LC-MS analysis in positive mode. A, Example base peak chromatogram. B, Median retention time, m/z, and intensity (point size corresponds to log₁₀₀₀ transformed median ion count) of 18,556 chromatographic m/z features in 90 wheat seed stocks. Six hundred twenty-four identified lipids (with MS/MS validation) and 157 FAs (without MS/MS validation) are displayed in colors representing their lipid class. The boxed area is shown in higher magnification in C. C, O₁ (red) TAGs elute 40 s earlier than their cognate O₀ TAGs (black). The boxed area is shown in higher magnification in D. D, Higher oxidized TAGs occur as isomers with different retention times.

Figure 2.

Examples of MS/MS validation and acyl composition determination for lipids of eight different classes. NLs and fragments (FR) of FAs and head groups were computationally identified and used to validate the PR annotation for O₄ TAG 54:7 (Supplemental Table S1, Formula_ID = 9409; for the chromatographic profile, see Fig. 1D [A]), O₁ DAG 36:5 (Formula_ID = 7380 [B]), O₁ MAG 18:3 (Formula_ID = 1302 [C]), O₃ PC 36:4 (Formula_ID = 2322 [D]), O₂ lysoPC 18:2 (Formula_ID = 1850 [E]), O₁ PE 36:4 (Formula_ID = 1440 [F]), O₂ MGDG 36:3 (Formula_ID = 8269 [G]), and O₂ DGDG 34:2 (Formula_ID = 8128 [H]).
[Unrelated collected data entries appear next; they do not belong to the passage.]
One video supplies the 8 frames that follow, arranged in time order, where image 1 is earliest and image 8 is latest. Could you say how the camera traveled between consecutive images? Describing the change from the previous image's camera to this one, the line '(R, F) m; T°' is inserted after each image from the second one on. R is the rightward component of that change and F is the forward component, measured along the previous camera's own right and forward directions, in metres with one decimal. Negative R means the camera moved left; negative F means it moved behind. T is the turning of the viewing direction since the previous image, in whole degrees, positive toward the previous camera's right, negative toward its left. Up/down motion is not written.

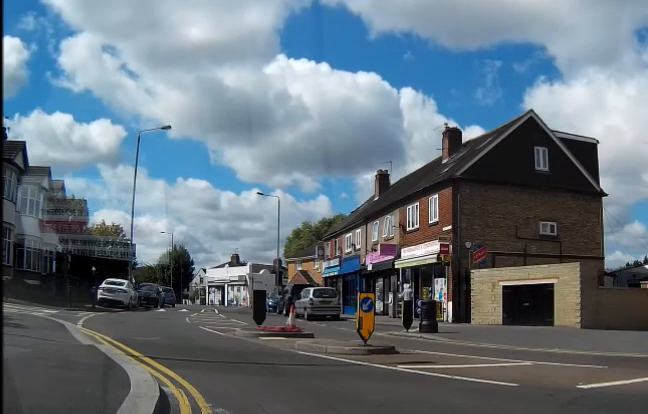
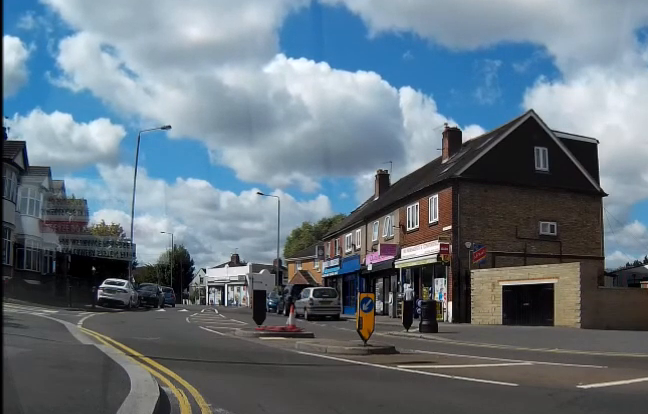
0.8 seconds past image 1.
(0.0, 0.0) m; 0°
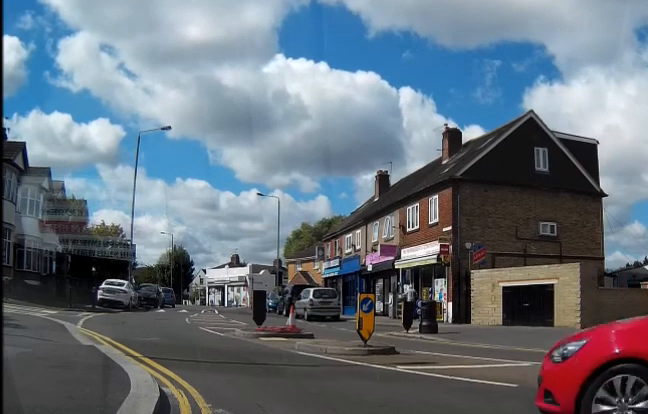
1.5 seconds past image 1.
(0.0, 0.0) m; 0°
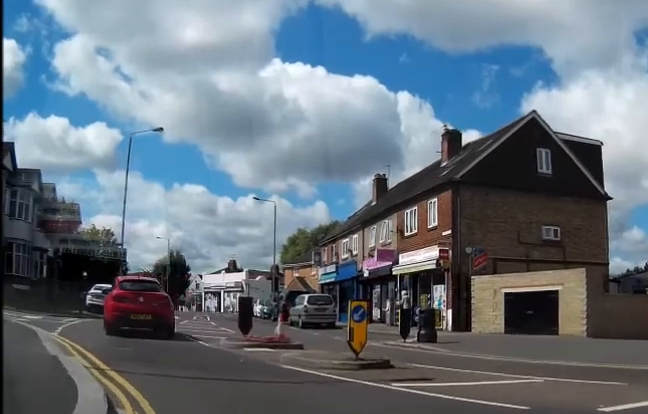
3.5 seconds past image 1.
(-0.2, +0.1) m; 0°
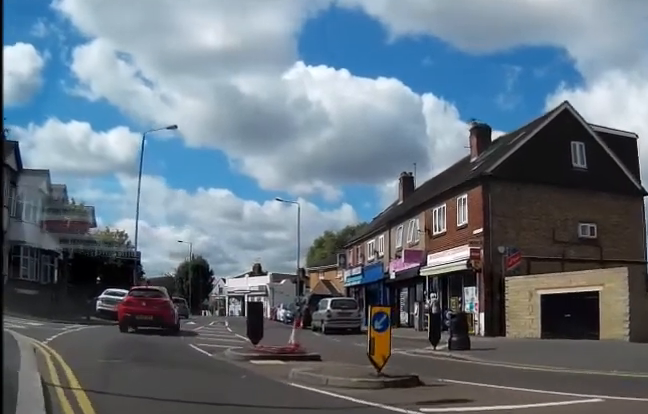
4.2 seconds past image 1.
(0.0, +1.5) m; -1°
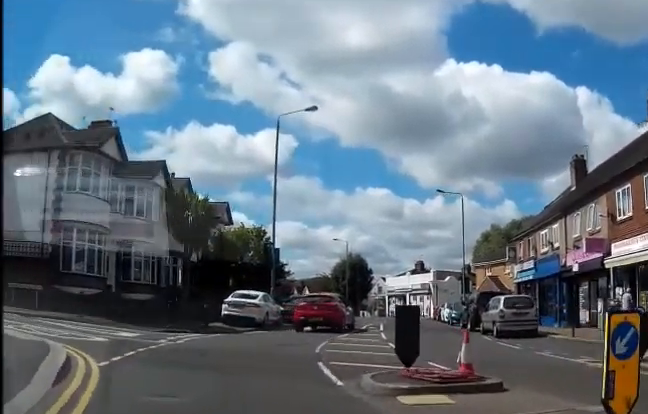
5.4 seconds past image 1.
(0.0, +3.0) m; -2°
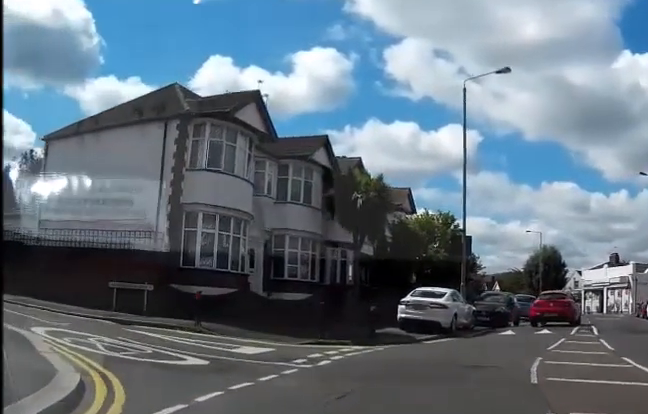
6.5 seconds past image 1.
(-0.2, +4.3) m; -7°
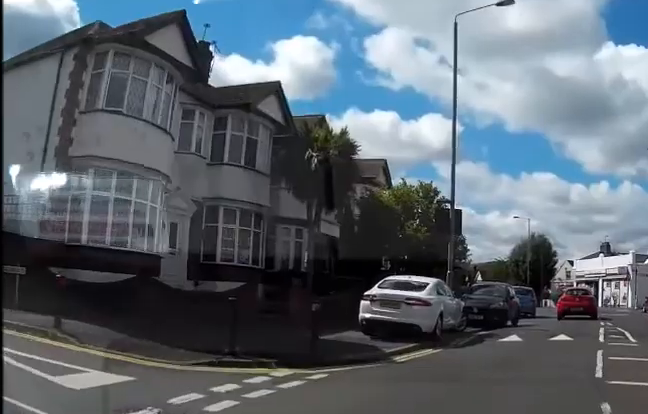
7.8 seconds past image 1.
(-0.4, +6.1) m; -4°

Only subsets of the indicated fragments are depicted. Multiple occurrences of the same FA within the different spectra are indicated by identical colors. FAs are labeled in purple, blue, or red, and head groups are labeled in green. Annotations in black were not obtained computationally and are only used to provide additional information in the example spectra. Representation of the acyl combination in the MS/MS spectra is expressed as cumulative abundance of all explanatory fragments/NLs in percentage of the base peak.

Figure 3.

Quantitative analysis of oxidized lipids in long-term stored wheat seeds under ambient and cold conditions. A to M, For each of the 13 detected lipid classes, the number of detected lipid species is given (number in parentheses) and broken down into nonoxidized (nO₀) and oxidized (nO_1-4) lipids. Peak areas of all nonoxidized and oxidized lipids were summed up for each of the five seed stocks stored in the cold (CS) or at ambient temperature (AS) from 1998 to 2013. N, TAGs were reanalyzed from 1:10 diluted extracts. Data are means ± se (n = 5), and significant differences between AS and CS are indicated by ANOVA P values.